◆ EXERCISE: Quote exactly, and only, the lines of the material below from the line with "hfov_deg=75.0. centre=(511, 330)." through the line with "State what is at (963, 680).".

◆ RECORDS SHOWN:
+-------+

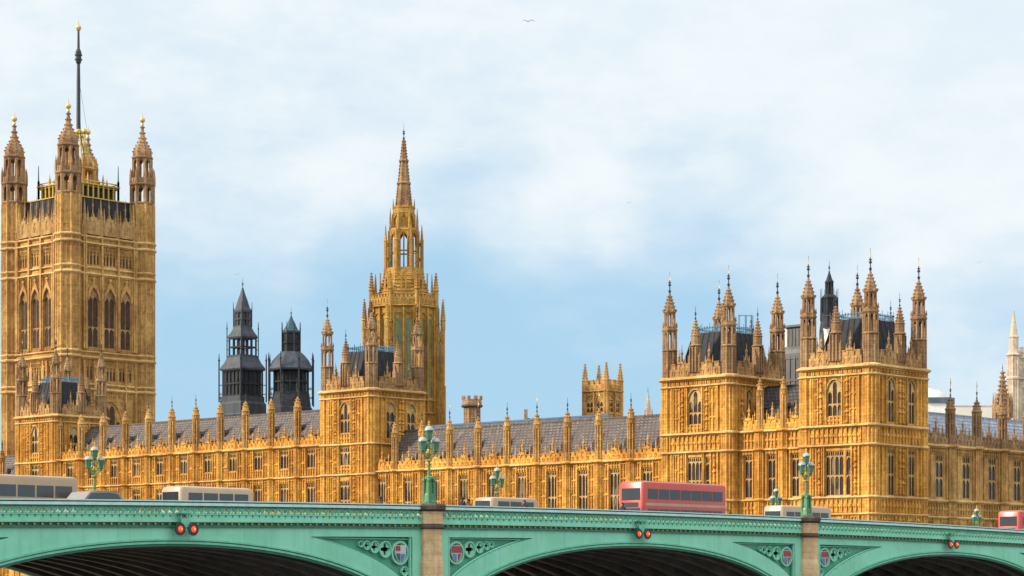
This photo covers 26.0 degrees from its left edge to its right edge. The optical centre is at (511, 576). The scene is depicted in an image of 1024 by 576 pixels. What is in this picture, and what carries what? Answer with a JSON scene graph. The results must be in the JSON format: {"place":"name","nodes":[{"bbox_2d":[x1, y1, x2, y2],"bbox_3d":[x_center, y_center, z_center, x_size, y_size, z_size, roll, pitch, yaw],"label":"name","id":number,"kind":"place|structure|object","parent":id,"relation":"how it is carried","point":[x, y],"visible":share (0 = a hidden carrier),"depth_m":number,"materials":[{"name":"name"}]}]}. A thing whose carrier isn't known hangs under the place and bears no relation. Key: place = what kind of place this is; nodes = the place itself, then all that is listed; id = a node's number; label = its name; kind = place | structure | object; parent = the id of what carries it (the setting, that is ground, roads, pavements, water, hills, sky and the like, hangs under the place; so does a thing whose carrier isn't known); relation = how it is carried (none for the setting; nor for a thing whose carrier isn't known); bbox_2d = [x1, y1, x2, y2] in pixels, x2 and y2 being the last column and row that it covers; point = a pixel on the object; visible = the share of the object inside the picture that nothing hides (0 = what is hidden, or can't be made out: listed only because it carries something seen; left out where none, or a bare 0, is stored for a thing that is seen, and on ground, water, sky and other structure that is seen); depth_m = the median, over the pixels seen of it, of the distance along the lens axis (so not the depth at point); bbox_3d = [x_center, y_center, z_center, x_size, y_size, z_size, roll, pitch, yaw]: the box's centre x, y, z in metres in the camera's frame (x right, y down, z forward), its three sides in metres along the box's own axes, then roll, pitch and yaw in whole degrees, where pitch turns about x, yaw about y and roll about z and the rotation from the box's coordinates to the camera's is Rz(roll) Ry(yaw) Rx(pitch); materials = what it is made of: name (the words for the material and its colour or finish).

+-------+

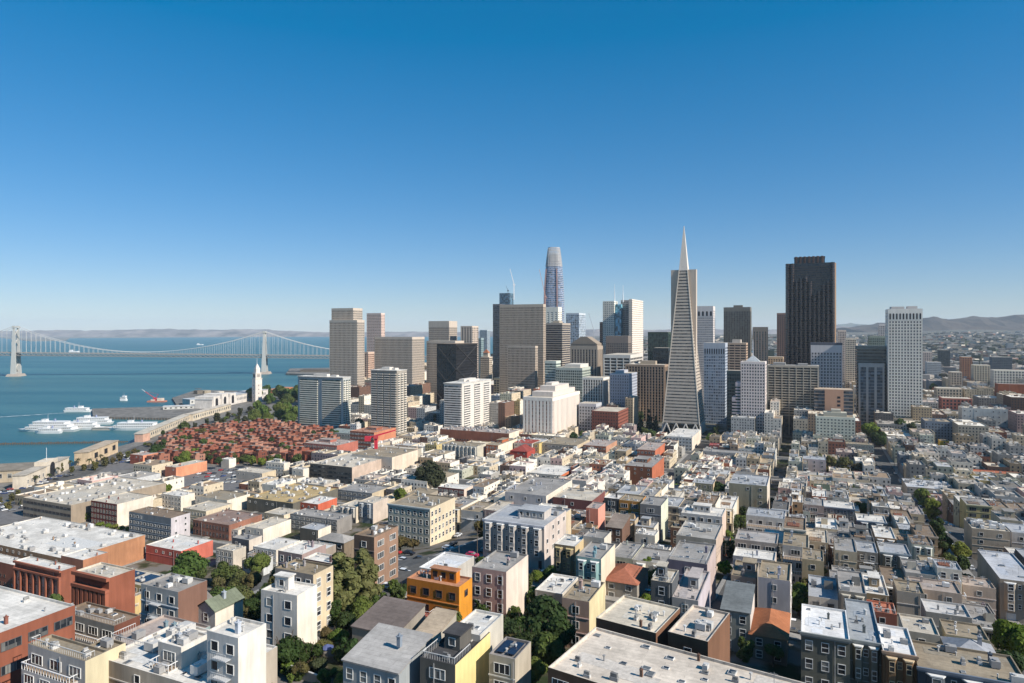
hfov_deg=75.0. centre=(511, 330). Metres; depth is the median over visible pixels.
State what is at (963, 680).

+-------+

◆ WRITTEN SOLUTION:
hfov_deg=75.0. centre=(511, 330). Metres; depth is the median over visible pixels.
State what is at (963, 680).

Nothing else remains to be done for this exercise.